Segment Open

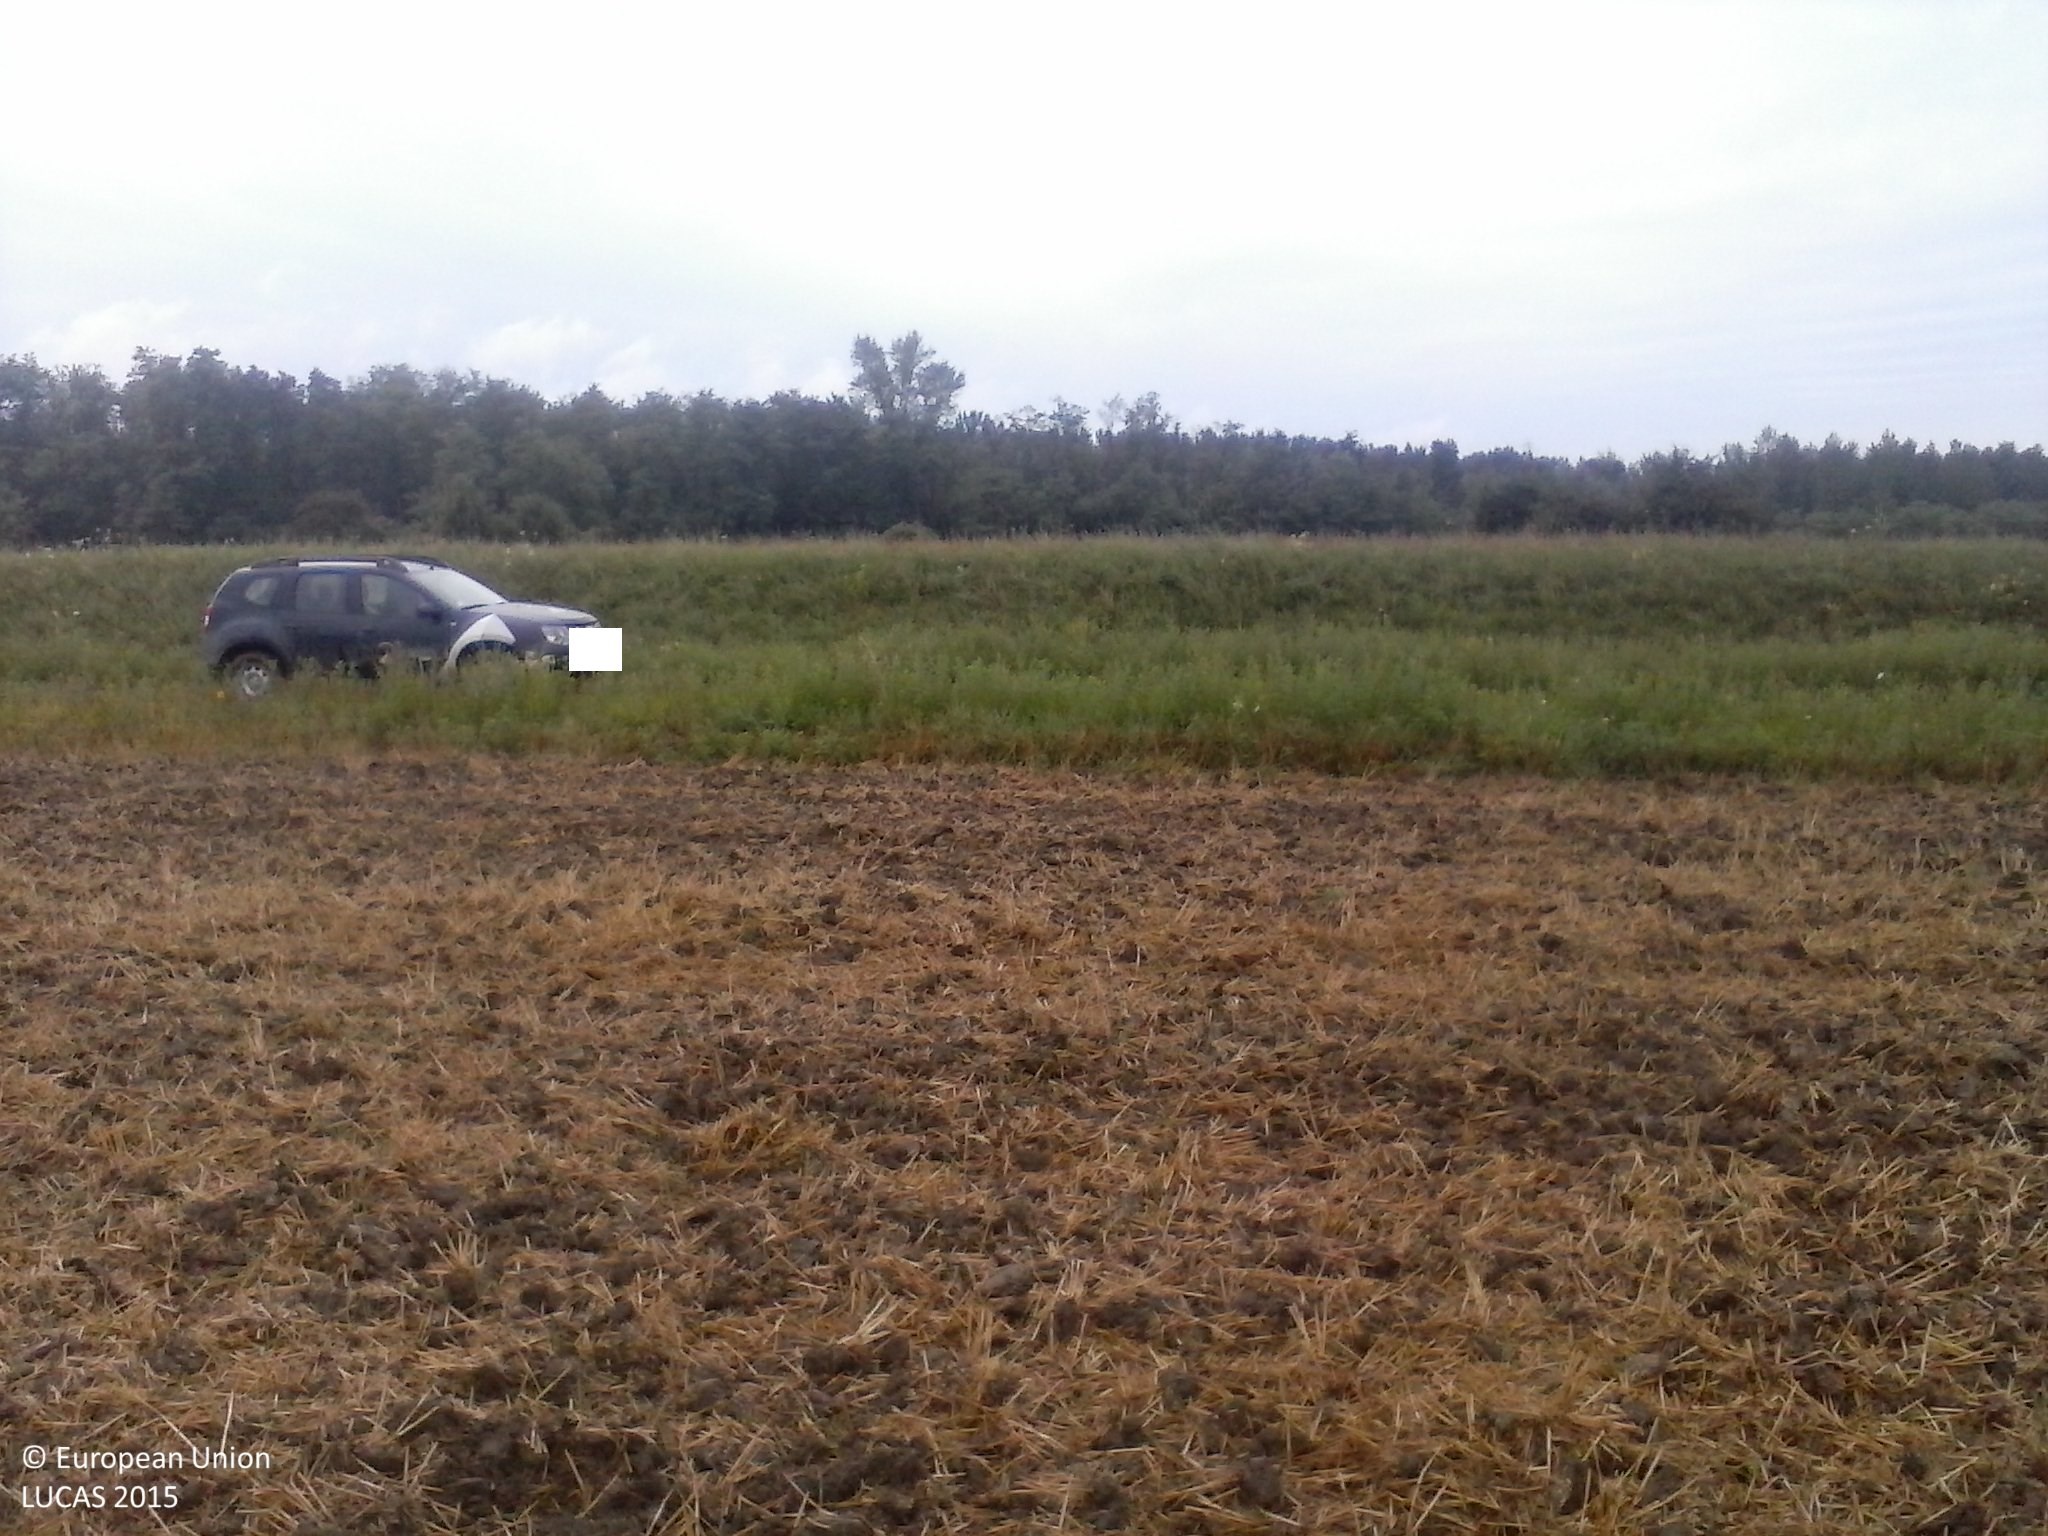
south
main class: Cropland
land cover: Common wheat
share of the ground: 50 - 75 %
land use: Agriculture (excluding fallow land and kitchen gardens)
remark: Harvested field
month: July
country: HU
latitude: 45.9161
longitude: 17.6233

Segment Closed

:: Work item ::
Reproduce the data exactly, please, and omit its pictures.

:: Task answer ::
south
main class: Cropland
land cover: Common wheat
share of the ground: 50 - 75 %
land use: Agriculture (excluding fallow land and kitchen gardens)
remark: Harvested field
month: July
country: HU
latitude: 45.9161
longitude: 17.6233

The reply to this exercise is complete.